Bambi Clark via Texas Tribune on Facebook
@Stephanie when they polled those Republicans against Obama all they could say was "I do not like him". When asked why they could not say. The TEA Party has done such a good job of spinning hate.
Mike Openshaw via Texas Tribune on Facebook
Bambi, because most of us wouldn't know where to start with specifics. The Czars, Obamacare, the Porkulus non-jobs bill, the bizarre foreign trips and policies. I can either give your 2 hours of specifics or just say 'I don't like him'.
Ann, treating all people with dignity and understanding doesn't cover Tea Partiers, right?

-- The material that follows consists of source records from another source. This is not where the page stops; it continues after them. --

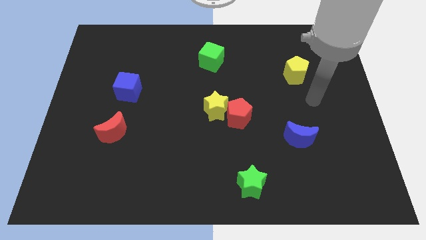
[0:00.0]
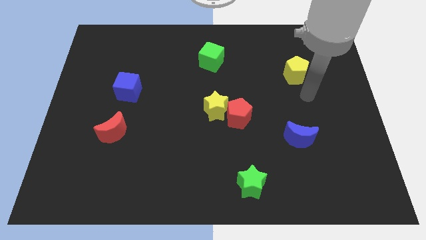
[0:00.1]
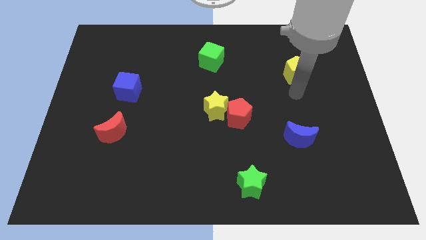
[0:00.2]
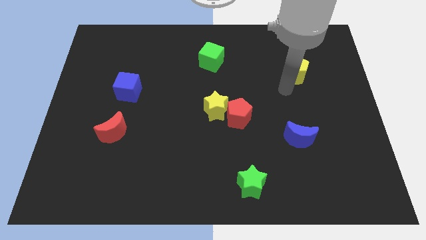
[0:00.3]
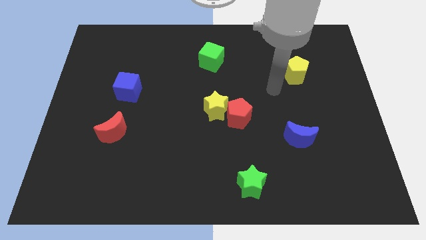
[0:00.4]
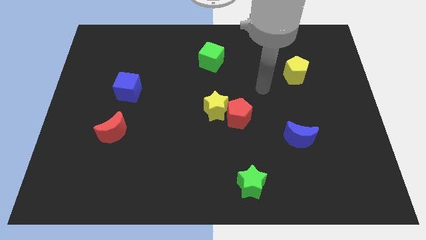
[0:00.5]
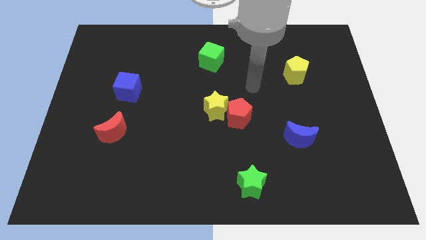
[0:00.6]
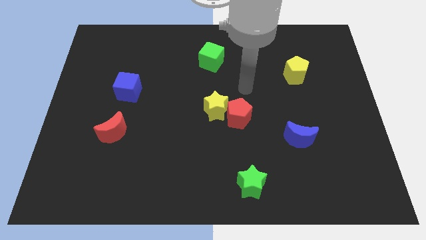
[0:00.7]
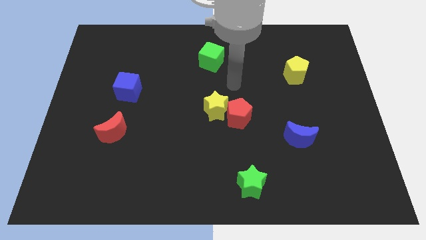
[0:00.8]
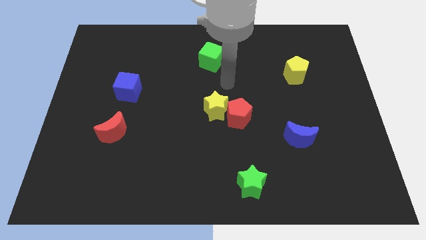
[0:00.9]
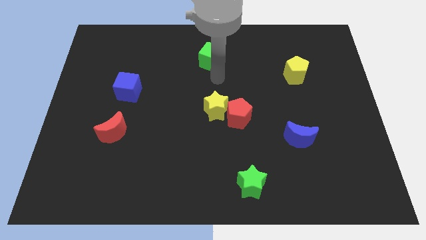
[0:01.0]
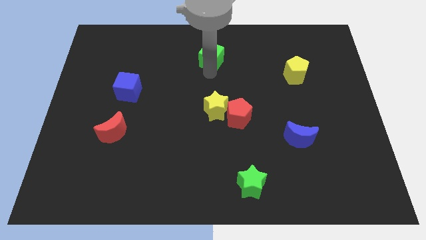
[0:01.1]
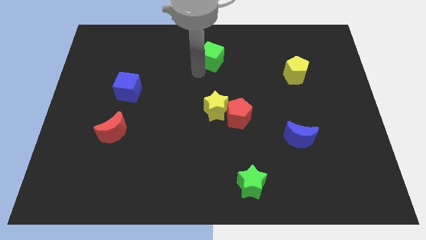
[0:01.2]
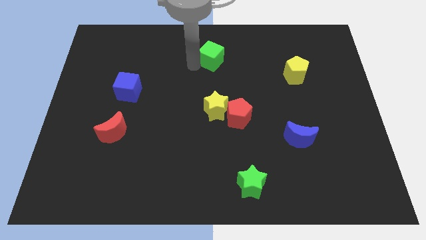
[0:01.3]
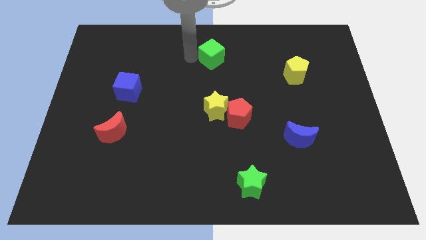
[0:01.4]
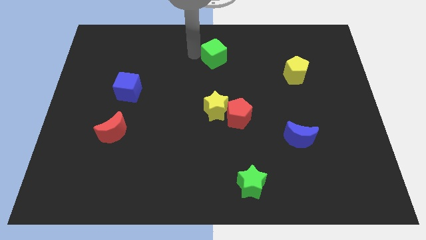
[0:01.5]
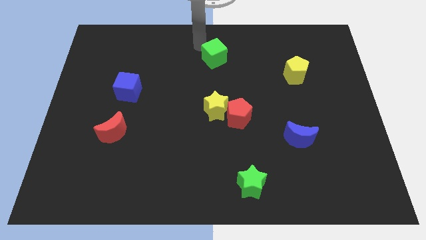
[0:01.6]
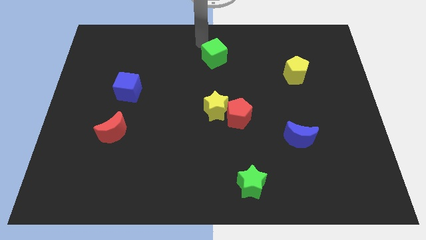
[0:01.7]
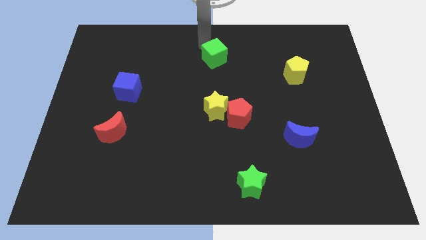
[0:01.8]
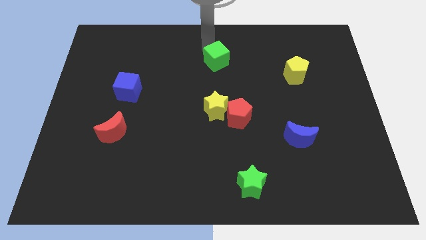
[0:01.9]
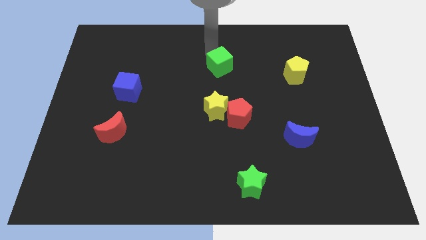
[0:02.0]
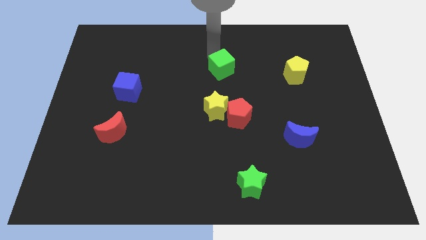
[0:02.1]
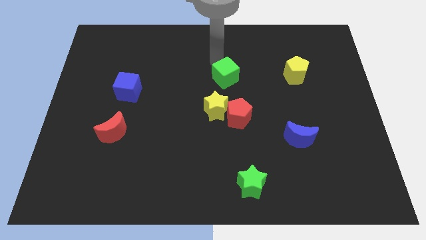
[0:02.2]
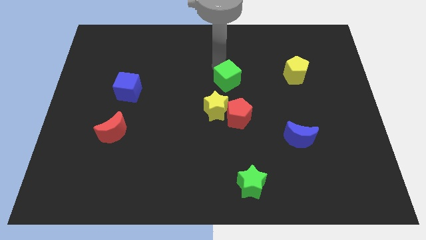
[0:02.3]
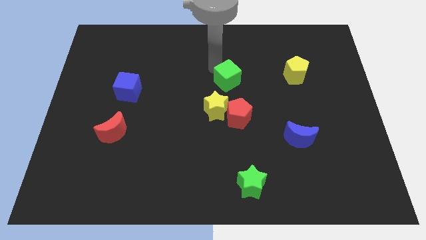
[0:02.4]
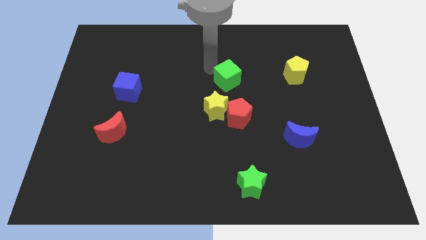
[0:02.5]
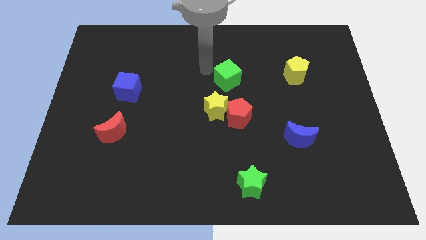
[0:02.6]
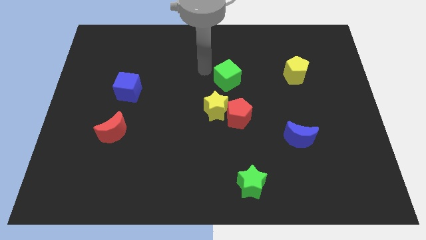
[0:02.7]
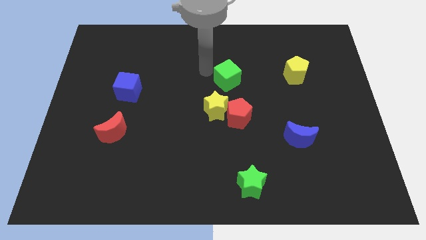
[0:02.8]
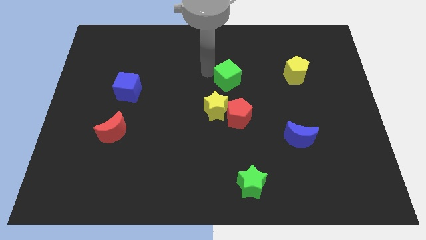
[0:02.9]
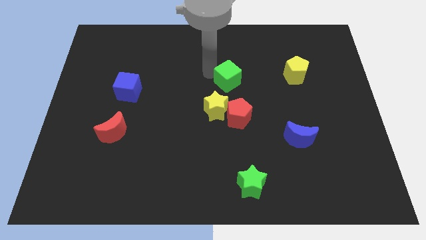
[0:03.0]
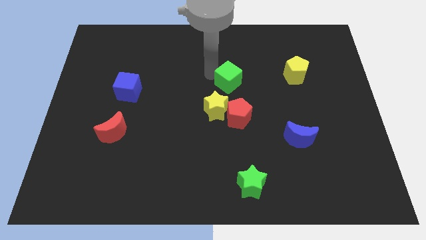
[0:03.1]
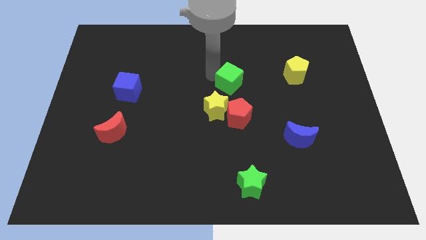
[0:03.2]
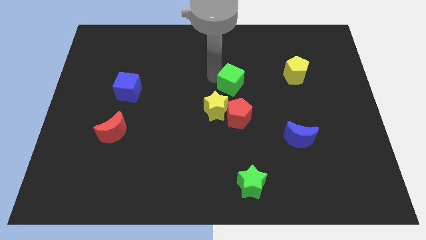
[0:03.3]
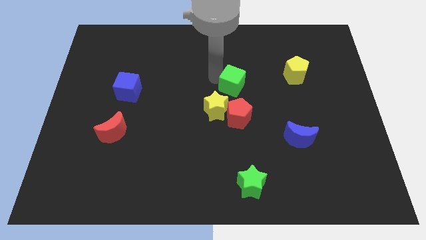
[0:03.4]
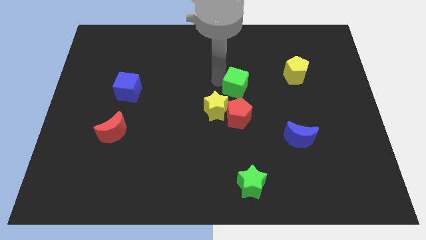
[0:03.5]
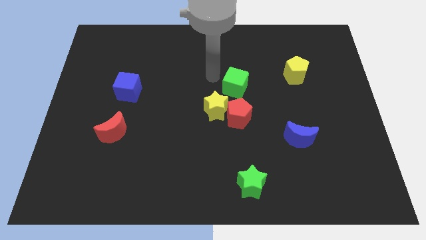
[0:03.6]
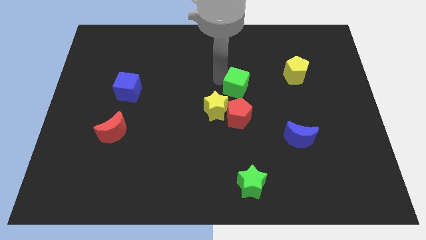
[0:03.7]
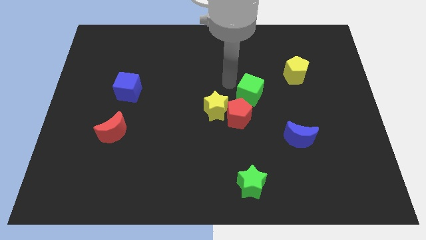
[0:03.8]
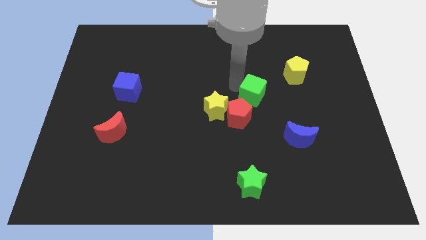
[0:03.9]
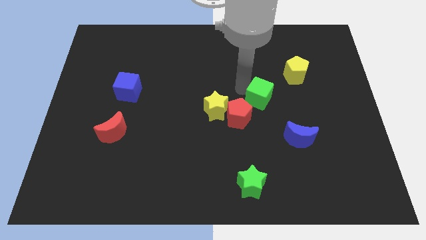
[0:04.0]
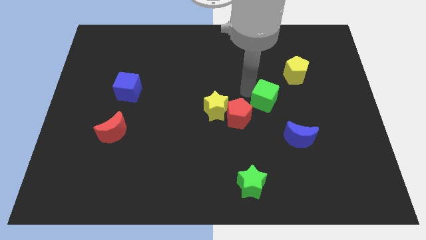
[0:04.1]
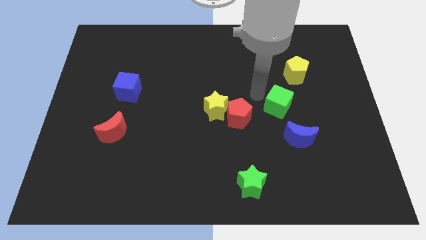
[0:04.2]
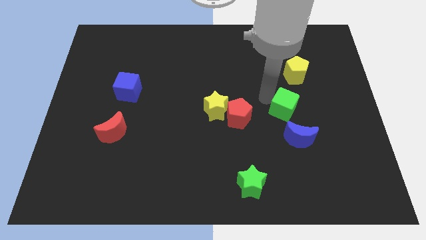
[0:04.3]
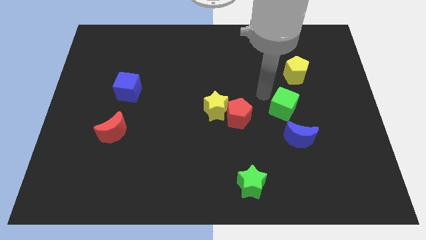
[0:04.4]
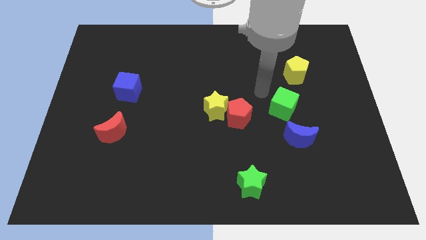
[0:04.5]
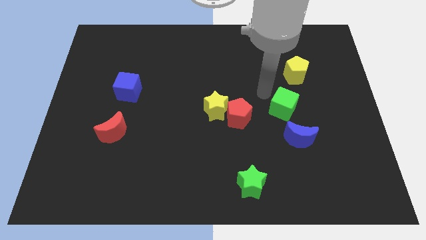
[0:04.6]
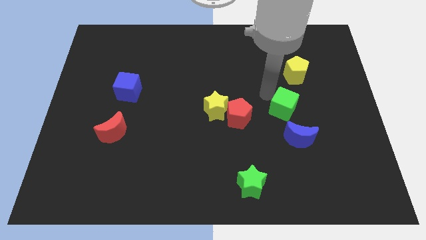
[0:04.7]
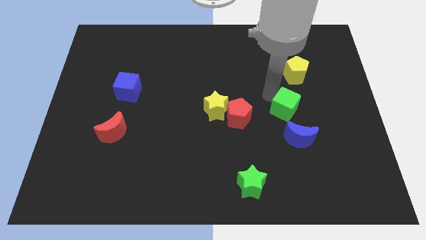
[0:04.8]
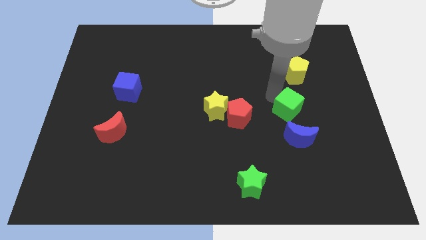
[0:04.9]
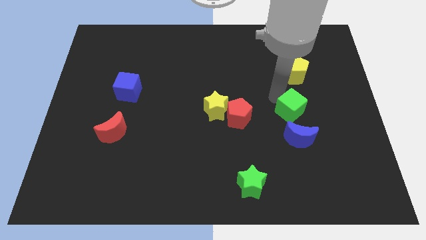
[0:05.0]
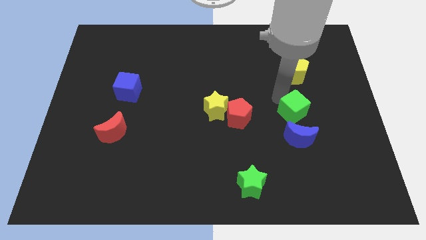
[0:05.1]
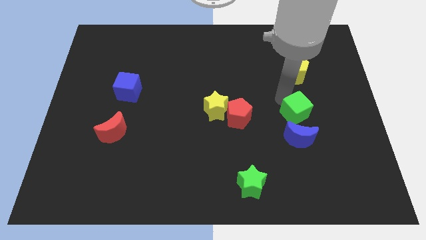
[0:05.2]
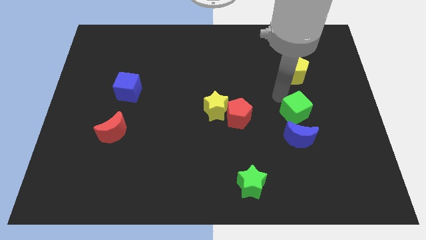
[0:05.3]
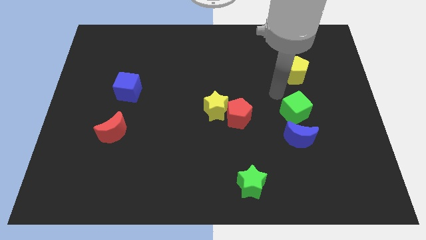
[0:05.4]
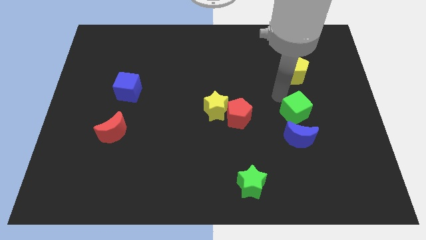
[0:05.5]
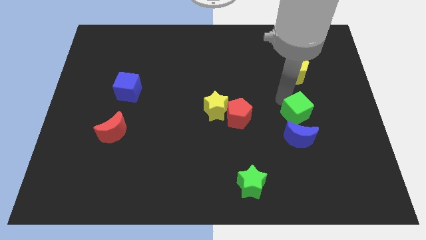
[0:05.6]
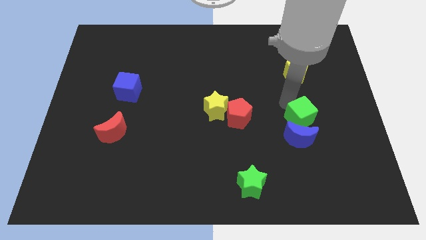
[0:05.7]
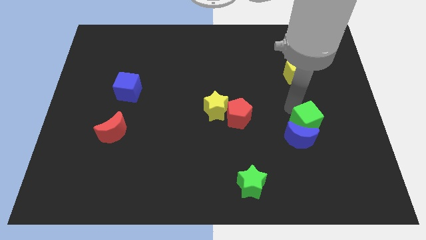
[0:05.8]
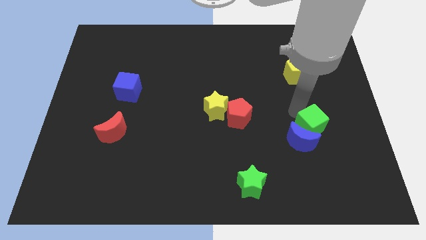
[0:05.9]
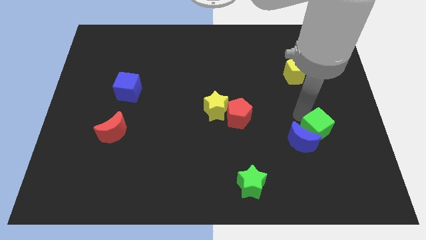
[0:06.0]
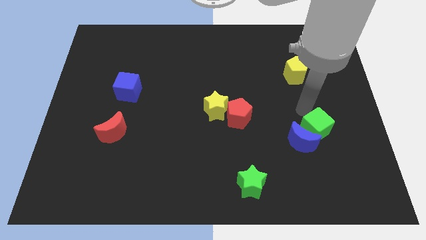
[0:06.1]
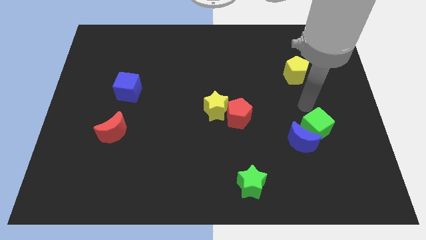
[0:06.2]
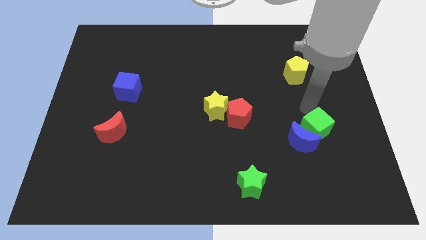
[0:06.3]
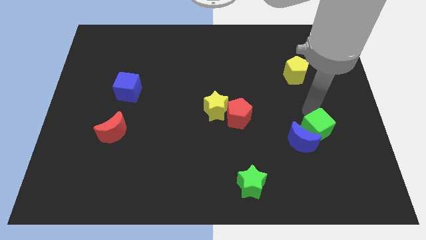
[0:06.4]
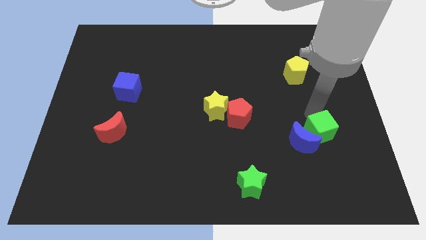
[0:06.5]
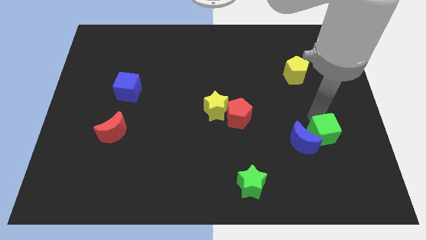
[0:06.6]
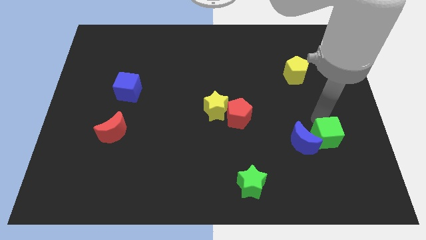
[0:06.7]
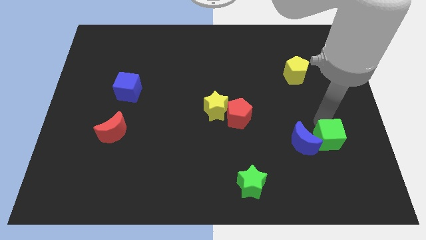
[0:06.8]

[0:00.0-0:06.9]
push the green cube to the bottom right side of the blue moon

Autumn, I think you are getting some of the picture. However, you ASSUME the budget decisions will have a neagive outcome. Where I can POINT TO EXAMPLES of what happens when you give in to ever increasing taxes. California (classrooms up to 40 to 1) and New York, both places with fleeing populations.
Some of us endeavor to make this place a bit less of an austin echo chamber; as this survey shows, that is NOT the majority Texas view.
Aldo Merino via Texas Tribune on Facebook
And that same survey shows just how far right the Tea Party/Republican base has gone, even by Texas standards. It may explain matters a bit, but it should also serve as a warning.
I do love some of the specifics listed though. Czars! (Unspecified and unqualified) 'bizarre' foreign trips! Oh, the horror.
And those wonderful simplifications about NY and CA (which, as a standalone state, would be the world's 8th largest economy). Clearly, it must be taxes.
Dennis Boyter
Mr. Openshaw! Where do we begin? I guess the czar canard: perhaps you should do a little fact checking (http://www.factcheck.org/2009/09/czar-search/). Bizarre foreign trips? This is so ridiculous. Perhaps you are a Mitt Romney supporter and missed the Politifact "Pants on Fire" rating. (http://www.politifact.com/truth-o-meter/statements/2011/jun/03/mitt-romney/mitt-romney-says-barack-obama-traveled-around-glob/). Porkulus? The stimulus program was a problem because it was insufficient, due largely to opposition from politicians that deride anything "Obama". There is considerable evidence that many hundred of thousands of jobs were either saved or created. An indisputable fact is the comic pictures of Republican governors and congressman proudly proclaiming new monies for their constituents - all from the reviled stimulus package. Obamacare? Ah, the Frank Luntz talking point. So, you like the current health care procedures in America? For profit insurance companies have your best interest at heart? No problem with that extra thousand dollars a year you pay to cover emergency room care for the uninsured? I too could talk at length about your dislike of President Obama, but it would not require two hours to refute your anemic arguments.
DMedina
Interesting slicing of the data Jim but wonder whether those who are advocating budget cuts would parse a little more carefully? Sure they want cuts but would they prefer that those cuts come primarily from the corporate welfare funds and funding of benefits for non-citizens rather than education and healthcare which seems to be the only areas this legislature is focused on?
Philip Diehl
I recently spoke to a Tea Partier /Christian Rightist who reflexively rejected the possibility that a decade-long rise in temperatures and the extreme weather of recent years might have anything to do with climate change. She was more inclined to think it might be a sign of the end time foretold in Revelations.
Who can have any reasonable expectation that these folks will connect the dots when they (and we) face the consequences of their policy choices? Stagnating middle class income growth, dramatic increases in income disparities, deteriorating public schools and public health, are some of the consequences of 30 years of their tax-cutting, starve-the-beast policies, but who among these ideologues is facing up to those hard facts? Then there's the maddening recent example of their incapacity to see the real causes of the 2008 financial meltdown and to blame it on big government and big taxes.
No, when the sh#t hits the fan, they'll be convinced it's somebody else's sh#t.